The only thing that can be estimated with some certainty is the look elsewhere effect within a given, well-defined analytical problem. Indeed Monte Carlo simulations are the method of choice. For example, if you have a number of bins in your binned data, you can evaluate how that changes the true (global) probability of observing a 3-sigma excess in any one such bin. However, the truth is much more complicated, because in addition to various bins in a given analysis, there are also different parameters in the same analysis which contribute too. Then not everything would count as an excess because you may have requirements, e.g. from the resolution of your detector, that neighbouring bins show a consistent excess. It gets difficult quickly to model accurately. But then there are also many different kinds of analyses, which each also contribute to the look elsewhere effect that is relevant when assessing something from the news. This is essentially impossible to quantify.
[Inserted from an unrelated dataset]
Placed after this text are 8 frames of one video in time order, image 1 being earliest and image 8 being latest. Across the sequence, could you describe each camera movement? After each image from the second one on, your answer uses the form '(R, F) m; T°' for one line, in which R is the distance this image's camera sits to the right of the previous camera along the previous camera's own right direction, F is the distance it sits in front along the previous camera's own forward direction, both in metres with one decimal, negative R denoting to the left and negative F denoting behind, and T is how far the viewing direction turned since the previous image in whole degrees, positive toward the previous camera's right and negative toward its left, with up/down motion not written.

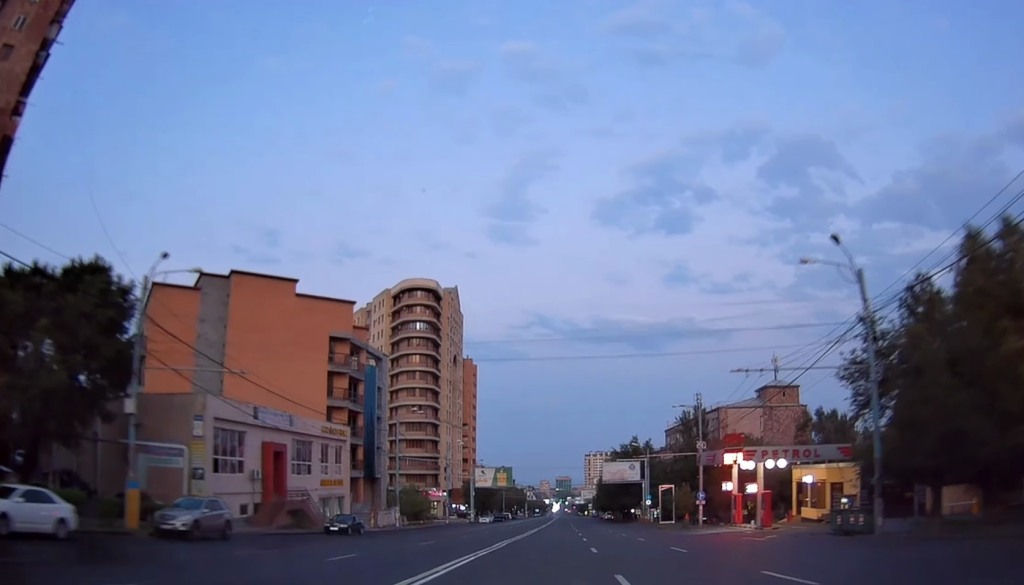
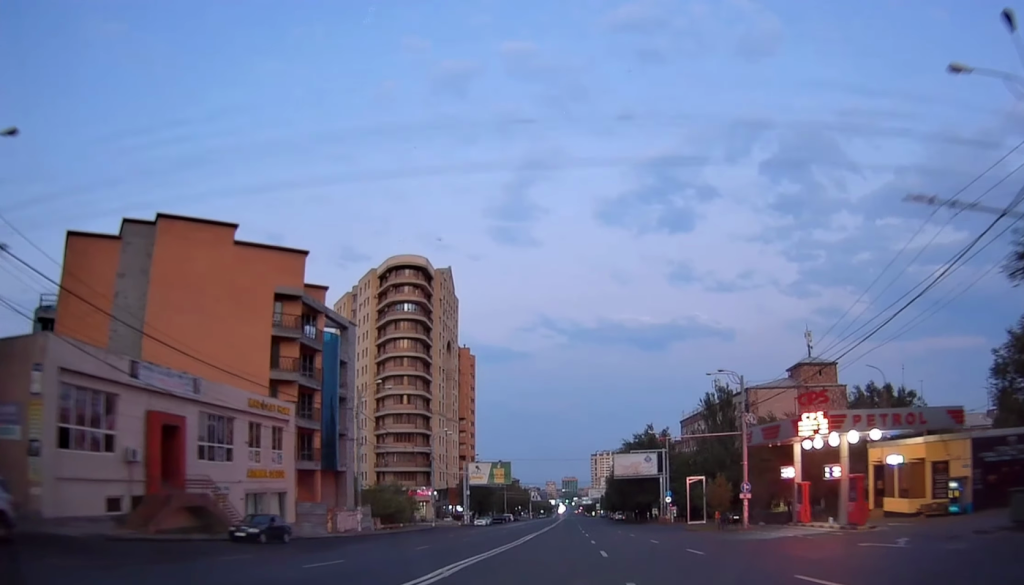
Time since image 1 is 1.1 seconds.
(-0.4, +14.1) m; 0°
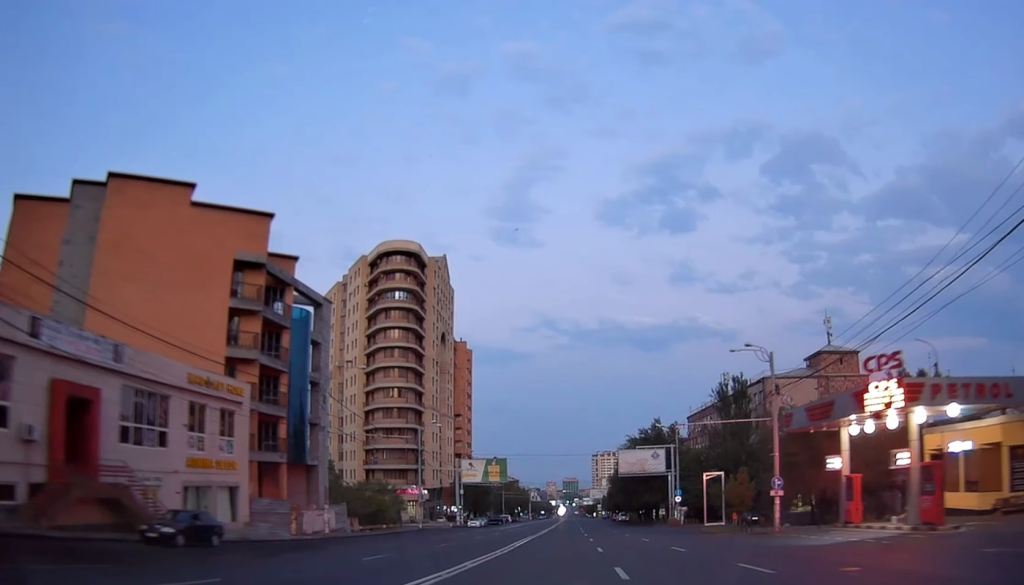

At the end of the day, if you include every plot made by every of the thousands of graduate students on the LHC experiments you can easily see that the true look elsewhere effect is completely unquantifiable. For illustration, the probability of a five-sigma excess is somewhere in the $10^{-7}$ ballpark by definition. With, say, 10,000 analysts working on LHC experiments, each making just one new plot a week, and the experiment running for a decade, that's already close to this trial factor. Based on this simple estimate one could expect even a five-sigma excess to appear in an LHC analysis purely as a statistical fluke.

So to answer your question: It is virtually guaranteed that multiple false three sigma excesses will continue to pop up in LHC data.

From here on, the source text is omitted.